New York City theoretically has four seasons, but talk to anyone who lives here (or don’t, they will probably complain to you about this unsolicited, um, not that we know any New Yorkers like that) and they will tell you that we really only have two — face-freezing wintry mix and sticky concrete inferno, with about two weeks in-between of all that is good and glorious on this earth (a popcorn-like explosion of blossoms from treetops to sidewalks and fiery carpets of every color foliage imaginable), or in modern terms, the stuff of which “no filter” Instagrams are made. And, lo, not a minute after those spring petals hit the gutters, we had our first few days of eau de hot trash and a peculiar brand of cloying airlessness at which inner cities excel and I wanted to climb into the freezer and never leave.
So long, oven. Goodbye, hot lattes. Sayonara, casseroles, braises and soups. Hellooooo popsicle season! I’ve been trying to cool my heels (yikes, Deb) in the popsicle category ever since the Summer of 2013, when on such an epic popsicle bender that I was worried about me, too. But I can only stay away so long. Plus, I realized this site didn’t have the most classic of easy homemade popsicles, a yogurt and berry version, and very shortly after trying a homemade one, I realized I never wanted to eat yogurt from a bowl with berries again. Spoons: so very last year.
As with the Summer of 2013, I still firmly believe that nobody who enjoys popsicles should be without Fany Gerson’s Paletas book. I have never made a recipe from the book that fell short of exceeding every expectation of what an ice pop could be. Each is awash in fresh ingredients, not too much sweetness, a perfect texture from the freezer (she credits the use of simple syrup), and a yield that’s downright magical, always filling my popsicle molds with no shortages or excess (how does she DO it?). These were no different, and they’re the prettiest ones yet. Don’t fight it: summer breakfast is served.
Yield: 10 popsicles from these molds, which hold about 1/3 cup liquid each
2 level cups fresh blackberries, or the berry of your choice
2 tablespoons (40 grams) honey
1/2 lemon or 1 small lime
1/2 cup (120 grams) water
1/2 cup (100 grams) granulated sugar
1 1/2 cups (340 grams) plain unsweetened Greek-style yogurt (1 cup fage = 227 grams)
If your berries are large, especially blackberries, cut them in half. Place berries in non-reactive (i.e. not aluminum or tin, which I suspect you weren’t using anyhow) bowl and squeeze 1 tablespoon lemon juice over it (save the peel; you’re about to use it). Add honey, stir to combine. Set aside.
Place lemon peel, water and sugar in a saucepan. Cook, stirring, until it comes to a boil and sugar has dissolved. Gently simmer for 5 minutes more. Strain out peel and chill syrup completely. You can do this in the fridge, but I find it much quicker to set the bowl of syrup in a larger bowl of ice water.

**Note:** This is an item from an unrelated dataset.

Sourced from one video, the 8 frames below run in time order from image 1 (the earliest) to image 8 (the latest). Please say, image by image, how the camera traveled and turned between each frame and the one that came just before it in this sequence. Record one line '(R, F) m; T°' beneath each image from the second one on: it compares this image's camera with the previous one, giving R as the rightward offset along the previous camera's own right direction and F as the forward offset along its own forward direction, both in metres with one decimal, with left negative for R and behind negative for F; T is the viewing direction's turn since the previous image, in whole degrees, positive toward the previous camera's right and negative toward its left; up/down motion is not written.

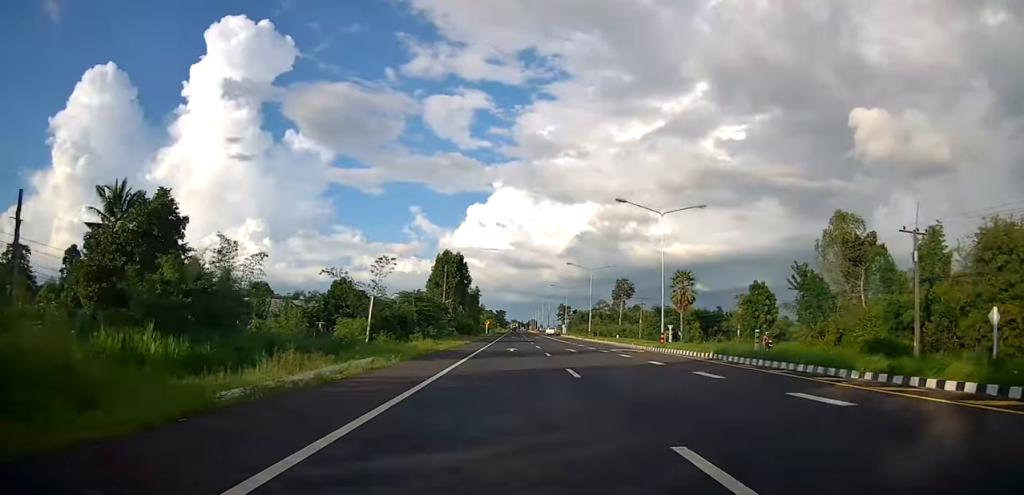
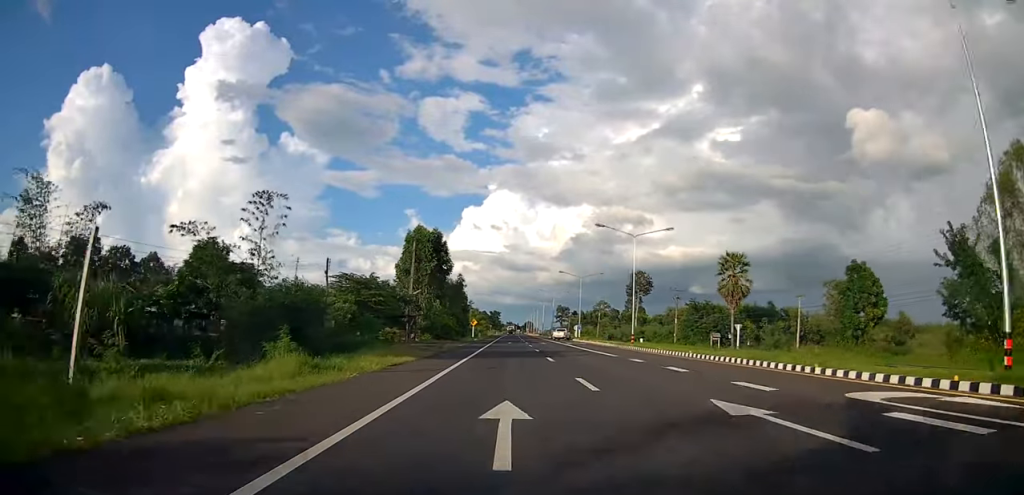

Within 15 minutes, it should be quite cold to the touch.
Whisk yogurt and chilled syrup together.
Place the berry mixture and any juices that have accumulated in a blender and whirl until desired texture. (I left a few tiny chunks throughout.) If you loathe the seeds from raspberries or blackberries, puree fully and press through a fine-mesh strainer to remove seeds. Assemble popsicles by alternating pouring a little of the yogurt mixture, then a little of the berry mixture into each popsicle mold, repeating as desired until you reach 1/4-inch from the tops (to leave room for expansion as they freeze). Use a skewer to lightly swirl the mixtures together.
If using conventional molds, snap on the lid and freeze until solid, 3 to 4 hours. If using glasses or other unconventional molds, freeze until the pops are beginning to set (45 minutes to 1 hour), then insert the sticks and freeze until solid, 3 to 4 hours. If using an instant ice pop maker, follow the manufacturer’s instructions.